(Saved entries)
--- START ---

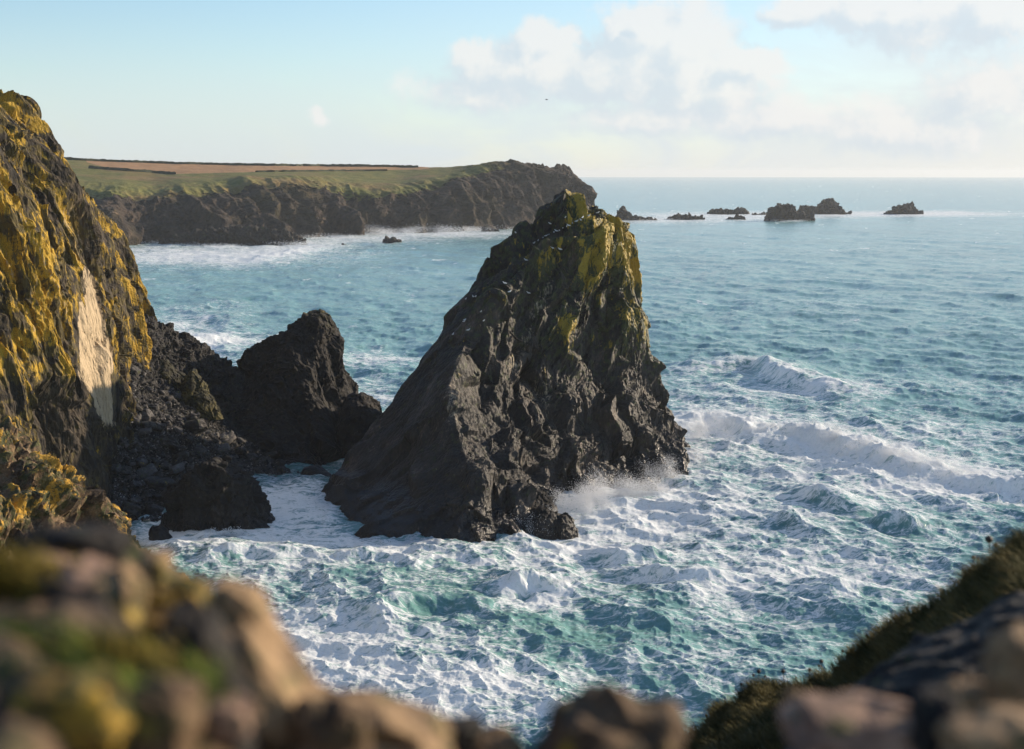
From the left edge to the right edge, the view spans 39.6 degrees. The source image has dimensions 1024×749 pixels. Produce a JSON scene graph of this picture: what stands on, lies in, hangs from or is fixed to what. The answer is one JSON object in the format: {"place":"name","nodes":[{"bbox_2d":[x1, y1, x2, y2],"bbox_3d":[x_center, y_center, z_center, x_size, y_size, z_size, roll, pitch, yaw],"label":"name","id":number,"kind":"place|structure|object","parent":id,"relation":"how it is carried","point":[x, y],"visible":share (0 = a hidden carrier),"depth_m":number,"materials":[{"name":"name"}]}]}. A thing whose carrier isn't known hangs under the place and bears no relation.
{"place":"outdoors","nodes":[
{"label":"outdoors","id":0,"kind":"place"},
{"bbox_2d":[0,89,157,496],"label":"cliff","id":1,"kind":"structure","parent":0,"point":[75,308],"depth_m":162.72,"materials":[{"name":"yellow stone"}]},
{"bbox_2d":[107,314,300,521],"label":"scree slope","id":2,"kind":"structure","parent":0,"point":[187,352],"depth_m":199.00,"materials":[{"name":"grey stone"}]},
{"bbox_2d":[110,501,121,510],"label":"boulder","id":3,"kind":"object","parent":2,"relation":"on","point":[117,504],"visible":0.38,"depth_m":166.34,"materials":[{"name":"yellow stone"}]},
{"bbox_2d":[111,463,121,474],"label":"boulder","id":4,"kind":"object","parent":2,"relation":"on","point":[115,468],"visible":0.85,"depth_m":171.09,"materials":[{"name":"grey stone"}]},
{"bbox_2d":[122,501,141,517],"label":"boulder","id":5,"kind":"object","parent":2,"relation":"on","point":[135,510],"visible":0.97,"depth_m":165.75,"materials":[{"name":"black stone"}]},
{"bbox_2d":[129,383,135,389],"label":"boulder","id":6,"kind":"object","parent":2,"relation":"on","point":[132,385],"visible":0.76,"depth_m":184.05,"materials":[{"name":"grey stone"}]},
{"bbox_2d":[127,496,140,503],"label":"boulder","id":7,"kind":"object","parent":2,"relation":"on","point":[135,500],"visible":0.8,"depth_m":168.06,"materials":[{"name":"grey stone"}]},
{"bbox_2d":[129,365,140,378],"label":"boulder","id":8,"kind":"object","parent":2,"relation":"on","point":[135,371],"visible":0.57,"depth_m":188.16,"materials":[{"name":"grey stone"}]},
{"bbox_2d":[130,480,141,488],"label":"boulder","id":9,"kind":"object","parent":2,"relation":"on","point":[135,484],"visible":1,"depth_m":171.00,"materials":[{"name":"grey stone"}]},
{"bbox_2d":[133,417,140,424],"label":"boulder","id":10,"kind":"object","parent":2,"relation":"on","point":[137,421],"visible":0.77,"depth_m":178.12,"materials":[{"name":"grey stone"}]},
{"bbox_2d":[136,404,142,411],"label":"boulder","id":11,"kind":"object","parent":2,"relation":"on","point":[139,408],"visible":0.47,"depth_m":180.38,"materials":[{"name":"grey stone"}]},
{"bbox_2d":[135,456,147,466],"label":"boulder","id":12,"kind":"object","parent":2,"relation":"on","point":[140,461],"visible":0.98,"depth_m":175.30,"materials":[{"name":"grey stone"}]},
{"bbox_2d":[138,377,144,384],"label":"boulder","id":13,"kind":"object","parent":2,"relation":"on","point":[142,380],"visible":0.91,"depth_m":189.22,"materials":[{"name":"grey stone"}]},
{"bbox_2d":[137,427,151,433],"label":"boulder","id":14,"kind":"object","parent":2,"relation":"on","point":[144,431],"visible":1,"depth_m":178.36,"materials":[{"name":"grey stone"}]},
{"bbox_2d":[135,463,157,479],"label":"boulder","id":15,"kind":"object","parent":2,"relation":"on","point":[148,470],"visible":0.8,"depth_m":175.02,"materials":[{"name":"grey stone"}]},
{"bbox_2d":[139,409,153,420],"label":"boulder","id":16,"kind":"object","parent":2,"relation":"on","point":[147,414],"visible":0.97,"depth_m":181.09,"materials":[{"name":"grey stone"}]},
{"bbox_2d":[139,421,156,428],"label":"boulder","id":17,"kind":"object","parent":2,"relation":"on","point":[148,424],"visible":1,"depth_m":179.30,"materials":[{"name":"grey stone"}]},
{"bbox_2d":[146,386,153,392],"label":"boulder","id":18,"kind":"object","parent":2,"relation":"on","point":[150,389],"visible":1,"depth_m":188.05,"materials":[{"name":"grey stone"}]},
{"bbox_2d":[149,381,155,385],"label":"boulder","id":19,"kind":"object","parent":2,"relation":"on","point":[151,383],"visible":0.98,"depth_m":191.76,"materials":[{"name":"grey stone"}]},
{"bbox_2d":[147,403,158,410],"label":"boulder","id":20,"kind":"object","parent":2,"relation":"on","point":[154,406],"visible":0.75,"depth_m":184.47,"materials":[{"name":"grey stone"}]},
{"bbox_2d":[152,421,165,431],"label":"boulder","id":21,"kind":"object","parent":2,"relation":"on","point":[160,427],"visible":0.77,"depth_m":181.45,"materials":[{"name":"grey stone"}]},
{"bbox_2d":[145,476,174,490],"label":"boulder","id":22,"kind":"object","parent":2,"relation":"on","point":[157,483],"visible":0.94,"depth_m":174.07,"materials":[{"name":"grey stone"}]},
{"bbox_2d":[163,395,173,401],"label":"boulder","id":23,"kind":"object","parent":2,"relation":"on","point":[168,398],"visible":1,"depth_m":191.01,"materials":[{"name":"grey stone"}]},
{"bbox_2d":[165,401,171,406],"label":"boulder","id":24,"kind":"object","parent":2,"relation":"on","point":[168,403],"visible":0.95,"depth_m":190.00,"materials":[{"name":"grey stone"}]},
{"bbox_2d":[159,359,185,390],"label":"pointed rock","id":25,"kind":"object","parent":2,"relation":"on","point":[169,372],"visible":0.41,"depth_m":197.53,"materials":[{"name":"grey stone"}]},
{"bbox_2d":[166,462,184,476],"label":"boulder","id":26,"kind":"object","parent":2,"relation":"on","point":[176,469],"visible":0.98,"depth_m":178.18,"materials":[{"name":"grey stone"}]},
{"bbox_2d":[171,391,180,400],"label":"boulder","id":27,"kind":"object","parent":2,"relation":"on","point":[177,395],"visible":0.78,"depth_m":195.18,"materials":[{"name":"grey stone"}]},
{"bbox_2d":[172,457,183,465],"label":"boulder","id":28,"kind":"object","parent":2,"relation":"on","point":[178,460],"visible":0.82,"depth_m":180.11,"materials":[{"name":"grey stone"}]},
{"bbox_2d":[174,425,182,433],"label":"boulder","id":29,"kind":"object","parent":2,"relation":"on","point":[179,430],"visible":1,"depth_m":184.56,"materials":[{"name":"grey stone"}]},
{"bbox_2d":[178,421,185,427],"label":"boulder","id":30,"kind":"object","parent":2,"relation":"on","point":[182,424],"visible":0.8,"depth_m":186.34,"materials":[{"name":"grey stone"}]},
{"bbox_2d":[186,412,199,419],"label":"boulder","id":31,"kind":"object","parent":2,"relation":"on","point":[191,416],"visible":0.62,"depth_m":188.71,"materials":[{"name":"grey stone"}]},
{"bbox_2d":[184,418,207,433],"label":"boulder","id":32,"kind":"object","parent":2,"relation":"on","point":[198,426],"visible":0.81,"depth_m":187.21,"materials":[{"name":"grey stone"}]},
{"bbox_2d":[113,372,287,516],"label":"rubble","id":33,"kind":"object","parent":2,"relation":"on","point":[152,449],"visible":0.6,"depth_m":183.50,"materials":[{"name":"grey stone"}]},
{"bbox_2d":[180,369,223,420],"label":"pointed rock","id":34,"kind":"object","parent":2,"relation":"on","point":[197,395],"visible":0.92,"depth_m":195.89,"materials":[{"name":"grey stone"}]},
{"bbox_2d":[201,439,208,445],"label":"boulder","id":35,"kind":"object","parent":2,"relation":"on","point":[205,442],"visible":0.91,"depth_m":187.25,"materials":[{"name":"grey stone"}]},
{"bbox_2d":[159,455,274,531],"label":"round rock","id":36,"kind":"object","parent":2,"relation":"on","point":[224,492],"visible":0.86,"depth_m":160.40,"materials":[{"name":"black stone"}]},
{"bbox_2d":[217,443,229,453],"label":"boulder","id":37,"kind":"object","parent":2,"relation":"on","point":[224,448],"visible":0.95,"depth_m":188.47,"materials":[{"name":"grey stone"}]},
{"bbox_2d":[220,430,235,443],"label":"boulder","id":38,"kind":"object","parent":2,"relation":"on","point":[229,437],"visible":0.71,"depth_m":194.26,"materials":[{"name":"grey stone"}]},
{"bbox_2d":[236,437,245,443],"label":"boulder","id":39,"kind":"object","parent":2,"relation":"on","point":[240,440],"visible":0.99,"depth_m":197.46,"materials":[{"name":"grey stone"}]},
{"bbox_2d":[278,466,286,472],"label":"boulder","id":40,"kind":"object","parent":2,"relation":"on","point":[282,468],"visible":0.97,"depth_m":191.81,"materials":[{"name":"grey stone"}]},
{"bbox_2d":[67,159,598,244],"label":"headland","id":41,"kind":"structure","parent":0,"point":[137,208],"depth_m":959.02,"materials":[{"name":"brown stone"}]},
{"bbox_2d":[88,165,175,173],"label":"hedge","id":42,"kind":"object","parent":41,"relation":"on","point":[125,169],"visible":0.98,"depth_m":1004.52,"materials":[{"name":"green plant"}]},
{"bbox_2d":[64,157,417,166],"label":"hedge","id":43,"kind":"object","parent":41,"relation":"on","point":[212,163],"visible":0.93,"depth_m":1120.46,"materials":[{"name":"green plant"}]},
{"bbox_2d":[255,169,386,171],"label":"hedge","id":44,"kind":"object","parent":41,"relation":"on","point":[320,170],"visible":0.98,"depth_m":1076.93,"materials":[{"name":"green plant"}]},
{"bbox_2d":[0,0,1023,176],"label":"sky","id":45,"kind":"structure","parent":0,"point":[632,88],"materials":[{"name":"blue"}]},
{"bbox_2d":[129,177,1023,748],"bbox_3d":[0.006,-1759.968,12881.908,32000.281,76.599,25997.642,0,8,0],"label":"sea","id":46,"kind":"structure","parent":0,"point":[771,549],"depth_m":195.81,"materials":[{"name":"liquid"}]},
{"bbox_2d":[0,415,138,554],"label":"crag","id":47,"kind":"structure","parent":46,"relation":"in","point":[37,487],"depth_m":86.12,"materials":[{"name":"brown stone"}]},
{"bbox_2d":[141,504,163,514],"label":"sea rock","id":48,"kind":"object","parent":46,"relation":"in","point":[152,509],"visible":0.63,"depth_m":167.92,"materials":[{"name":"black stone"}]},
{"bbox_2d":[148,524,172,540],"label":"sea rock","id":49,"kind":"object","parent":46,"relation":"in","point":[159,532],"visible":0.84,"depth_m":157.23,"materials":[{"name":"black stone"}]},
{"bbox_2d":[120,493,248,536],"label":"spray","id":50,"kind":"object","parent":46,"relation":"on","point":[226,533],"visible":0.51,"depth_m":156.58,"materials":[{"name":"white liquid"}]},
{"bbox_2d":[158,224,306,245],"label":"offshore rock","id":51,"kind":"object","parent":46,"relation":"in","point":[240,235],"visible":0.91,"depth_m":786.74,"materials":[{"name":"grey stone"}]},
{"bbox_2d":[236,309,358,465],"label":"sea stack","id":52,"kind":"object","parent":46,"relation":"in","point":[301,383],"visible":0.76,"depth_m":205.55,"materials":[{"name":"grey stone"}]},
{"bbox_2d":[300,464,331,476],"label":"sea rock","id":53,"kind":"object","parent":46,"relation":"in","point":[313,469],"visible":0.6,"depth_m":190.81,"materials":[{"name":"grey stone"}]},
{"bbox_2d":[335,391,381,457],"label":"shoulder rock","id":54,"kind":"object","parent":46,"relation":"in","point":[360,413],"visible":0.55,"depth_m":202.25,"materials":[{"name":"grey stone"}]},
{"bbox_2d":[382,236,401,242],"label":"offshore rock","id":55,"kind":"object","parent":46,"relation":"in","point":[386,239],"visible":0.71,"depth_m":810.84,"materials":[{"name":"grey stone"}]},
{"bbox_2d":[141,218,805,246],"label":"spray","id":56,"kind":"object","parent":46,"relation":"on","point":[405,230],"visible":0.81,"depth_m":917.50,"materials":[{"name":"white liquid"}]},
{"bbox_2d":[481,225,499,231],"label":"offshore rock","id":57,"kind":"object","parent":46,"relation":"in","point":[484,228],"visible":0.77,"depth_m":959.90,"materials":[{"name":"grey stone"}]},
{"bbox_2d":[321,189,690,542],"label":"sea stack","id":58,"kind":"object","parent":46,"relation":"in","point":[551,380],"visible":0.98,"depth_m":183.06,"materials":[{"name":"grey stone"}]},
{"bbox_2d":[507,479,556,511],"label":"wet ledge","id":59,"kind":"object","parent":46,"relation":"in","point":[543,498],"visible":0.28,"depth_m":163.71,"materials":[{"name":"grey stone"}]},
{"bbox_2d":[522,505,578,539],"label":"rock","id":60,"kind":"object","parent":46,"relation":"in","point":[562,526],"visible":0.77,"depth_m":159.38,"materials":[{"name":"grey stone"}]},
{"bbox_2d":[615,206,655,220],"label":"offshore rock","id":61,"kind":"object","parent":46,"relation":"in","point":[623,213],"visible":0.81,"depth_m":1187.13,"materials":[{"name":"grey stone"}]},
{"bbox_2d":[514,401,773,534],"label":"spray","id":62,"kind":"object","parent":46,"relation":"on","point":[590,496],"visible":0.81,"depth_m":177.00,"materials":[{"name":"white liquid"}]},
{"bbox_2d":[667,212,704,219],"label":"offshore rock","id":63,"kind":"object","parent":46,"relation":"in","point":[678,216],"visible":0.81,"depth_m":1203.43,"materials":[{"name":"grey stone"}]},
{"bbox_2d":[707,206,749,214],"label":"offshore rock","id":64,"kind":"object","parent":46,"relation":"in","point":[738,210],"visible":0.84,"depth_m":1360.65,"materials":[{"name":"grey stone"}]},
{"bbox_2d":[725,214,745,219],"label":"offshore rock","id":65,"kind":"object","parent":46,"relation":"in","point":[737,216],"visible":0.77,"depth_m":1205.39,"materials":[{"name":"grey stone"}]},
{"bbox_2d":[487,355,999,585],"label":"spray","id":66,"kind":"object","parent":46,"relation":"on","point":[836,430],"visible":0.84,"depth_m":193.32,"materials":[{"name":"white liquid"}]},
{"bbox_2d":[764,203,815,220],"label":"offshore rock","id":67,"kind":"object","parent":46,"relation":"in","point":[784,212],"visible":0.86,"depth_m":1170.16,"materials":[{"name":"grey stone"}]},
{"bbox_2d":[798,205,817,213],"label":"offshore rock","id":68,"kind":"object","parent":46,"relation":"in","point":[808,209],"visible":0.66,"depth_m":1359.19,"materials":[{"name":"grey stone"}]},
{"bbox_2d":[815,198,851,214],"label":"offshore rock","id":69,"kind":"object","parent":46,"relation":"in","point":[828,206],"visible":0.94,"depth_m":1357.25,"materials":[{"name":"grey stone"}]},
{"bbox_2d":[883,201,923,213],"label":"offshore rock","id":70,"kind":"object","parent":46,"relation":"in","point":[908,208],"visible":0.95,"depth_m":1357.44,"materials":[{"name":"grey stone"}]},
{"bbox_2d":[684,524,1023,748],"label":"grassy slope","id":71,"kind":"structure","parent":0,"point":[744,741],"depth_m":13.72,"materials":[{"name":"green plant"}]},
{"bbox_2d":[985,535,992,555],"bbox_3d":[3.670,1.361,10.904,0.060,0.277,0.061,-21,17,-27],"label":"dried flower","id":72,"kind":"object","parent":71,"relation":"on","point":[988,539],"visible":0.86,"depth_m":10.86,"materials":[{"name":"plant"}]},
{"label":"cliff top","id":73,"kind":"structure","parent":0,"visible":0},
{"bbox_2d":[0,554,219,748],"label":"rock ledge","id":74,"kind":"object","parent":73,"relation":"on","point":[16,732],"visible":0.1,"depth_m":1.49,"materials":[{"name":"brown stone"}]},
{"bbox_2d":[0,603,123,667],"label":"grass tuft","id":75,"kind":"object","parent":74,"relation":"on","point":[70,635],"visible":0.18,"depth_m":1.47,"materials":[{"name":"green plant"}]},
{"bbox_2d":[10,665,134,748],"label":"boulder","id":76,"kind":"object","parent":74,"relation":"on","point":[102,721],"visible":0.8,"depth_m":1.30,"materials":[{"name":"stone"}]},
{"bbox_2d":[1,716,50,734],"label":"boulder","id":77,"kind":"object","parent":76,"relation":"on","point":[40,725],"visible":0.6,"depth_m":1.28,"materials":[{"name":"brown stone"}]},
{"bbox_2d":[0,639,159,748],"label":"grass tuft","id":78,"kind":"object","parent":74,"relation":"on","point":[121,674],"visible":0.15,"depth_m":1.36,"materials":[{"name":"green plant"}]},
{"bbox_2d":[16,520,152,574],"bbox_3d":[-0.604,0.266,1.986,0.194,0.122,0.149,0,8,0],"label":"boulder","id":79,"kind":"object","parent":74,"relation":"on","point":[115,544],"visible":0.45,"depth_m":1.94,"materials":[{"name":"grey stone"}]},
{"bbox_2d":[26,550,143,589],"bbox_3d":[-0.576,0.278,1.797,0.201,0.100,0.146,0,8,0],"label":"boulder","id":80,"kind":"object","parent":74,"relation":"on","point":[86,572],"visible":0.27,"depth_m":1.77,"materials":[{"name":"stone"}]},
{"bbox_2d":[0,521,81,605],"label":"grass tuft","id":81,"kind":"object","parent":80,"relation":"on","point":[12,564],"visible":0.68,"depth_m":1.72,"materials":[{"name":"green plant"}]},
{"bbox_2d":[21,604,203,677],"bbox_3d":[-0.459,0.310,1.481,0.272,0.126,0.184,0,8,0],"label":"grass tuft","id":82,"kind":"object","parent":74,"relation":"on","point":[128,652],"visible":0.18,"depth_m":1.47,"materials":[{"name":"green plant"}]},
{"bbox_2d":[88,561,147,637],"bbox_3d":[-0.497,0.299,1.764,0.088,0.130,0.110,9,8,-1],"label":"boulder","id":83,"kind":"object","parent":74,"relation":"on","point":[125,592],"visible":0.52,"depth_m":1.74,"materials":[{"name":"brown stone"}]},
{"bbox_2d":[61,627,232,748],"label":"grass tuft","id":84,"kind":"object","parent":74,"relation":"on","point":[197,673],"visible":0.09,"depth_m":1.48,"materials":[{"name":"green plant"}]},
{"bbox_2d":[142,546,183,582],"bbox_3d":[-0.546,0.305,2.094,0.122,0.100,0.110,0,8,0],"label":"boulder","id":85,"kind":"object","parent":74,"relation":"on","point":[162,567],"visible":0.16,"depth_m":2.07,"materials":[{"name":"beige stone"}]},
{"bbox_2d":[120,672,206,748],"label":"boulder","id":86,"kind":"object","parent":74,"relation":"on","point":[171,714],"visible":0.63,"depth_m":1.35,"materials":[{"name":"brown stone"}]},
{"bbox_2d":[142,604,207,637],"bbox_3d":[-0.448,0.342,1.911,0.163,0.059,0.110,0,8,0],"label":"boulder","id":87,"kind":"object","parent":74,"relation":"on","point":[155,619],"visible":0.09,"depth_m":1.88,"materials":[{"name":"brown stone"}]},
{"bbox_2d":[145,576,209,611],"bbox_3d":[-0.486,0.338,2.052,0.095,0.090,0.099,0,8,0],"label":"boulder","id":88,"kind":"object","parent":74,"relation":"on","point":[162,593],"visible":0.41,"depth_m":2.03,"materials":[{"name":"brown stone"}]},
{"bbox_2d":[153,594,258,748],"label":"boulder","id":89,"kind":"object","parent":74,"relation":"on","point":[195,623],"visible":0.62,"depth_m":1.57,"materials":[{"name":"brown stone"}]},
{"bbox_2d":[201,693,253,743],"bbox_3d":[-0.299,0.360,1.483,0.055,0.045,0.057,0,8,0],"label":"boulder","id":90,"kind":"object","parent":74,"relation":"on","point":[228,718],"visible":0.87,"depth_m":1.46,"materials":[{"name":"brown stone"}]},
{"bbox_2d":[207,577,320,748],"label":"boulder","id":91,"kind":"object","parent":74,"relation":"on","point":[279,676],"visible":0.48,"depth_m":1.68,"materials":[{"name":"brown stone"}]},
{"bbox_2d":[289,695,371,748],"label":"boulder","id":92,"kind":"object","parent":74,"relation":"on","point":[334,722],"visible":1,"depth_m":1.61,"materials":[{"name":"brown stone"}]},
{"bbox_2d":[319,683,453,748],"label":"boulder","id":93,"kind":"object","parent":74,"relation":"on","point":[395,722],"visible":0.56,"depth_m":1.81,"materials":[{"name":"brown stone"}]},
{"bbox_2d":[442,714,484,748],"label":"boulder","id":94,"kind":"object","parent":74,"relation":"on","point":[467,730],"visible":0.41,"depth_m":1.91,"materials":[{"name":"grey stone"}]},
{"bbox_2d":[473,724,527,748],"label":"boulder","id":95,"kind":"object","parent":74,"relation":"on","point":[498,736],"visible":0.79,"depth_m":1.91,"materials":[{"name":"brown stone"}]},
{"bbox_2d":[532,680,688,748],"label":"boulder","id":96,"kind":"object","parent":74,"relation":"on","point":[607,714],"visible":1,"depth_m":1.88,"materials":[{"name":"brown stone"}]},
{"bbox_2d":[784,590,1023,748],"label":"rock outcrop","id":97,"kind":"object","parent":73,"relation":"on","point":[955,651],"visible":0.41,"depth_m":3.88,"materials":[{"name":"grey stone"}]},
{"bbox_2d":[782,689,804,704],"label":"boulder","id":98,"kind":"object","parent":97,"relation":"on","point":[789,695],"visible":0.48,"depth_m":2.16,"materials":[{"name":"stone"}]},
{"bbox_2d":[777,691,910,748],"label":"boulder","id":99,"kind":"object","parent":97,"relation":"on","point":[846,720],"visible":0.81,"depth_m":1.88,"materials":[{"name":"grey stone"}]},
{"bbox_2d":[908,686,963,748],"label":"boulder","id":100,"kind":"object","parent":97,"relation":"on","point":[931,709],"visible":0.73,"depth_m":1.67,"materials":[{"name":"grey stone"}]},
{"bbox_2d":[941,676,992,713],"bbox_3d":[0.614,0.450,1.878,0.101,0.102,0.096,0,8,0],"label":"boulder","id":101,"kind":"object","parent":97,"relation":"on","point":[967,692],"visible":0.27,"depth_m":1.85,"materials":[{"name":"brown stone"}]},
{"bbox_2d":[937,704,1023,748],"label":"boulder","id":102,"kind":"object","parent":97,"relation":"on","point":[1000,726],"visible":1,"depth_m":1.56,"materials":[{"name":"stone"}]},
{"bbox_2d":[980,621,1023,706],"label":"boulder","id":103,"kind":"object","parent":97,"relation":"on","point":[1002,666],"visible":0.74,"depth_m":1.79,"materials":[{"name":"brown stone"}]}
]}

--- END ---

**Instructions for the task:** Go through the records above and copy each line where "liquid" is found.

**Exercise answer:**
{"bbox_2d":[129,177,1023,748],"bbox_3d":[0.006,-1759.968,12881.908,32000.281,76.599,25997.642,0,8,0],"label":"sea","id":46,"kind":"structure","parent":0,"point":[771,549],"depth_m":195.81,"materials":[{"name":"liquid"}]},
{"bbox_2d":[120,493,248,536],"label":"spray","id":50,"kind":"object","parent":46,"relation":"on","point":[226,533],"visible":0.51,"depth_m":156.58,"materials":[{"name":"white liquid"}]},
{"bbox_2d":[141,218,805,246],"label":"spray","id":56,"kind":"object","parent":46,"relation":"on","point":[405,230],"visible":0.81,"depth_m":917.50,"materials":[{"name":"white liquid"}]},
{"bbox_2d":[514,401,773,534],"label":"spray","id":62,"kind":"object","parent":46,"relation":"on","point":[590,496],"visible":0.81,"depth_m":177.00,"materials":[{"name":"white liquid"}]},
{"bbox_2d":[487,355,999,585],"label":"spray","id":66,"kind":"object","parent":46,"relation":"on","point":[836,430],"visible":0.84,"depth_m":193.32,"materials":[{"name":"white liquid"}]},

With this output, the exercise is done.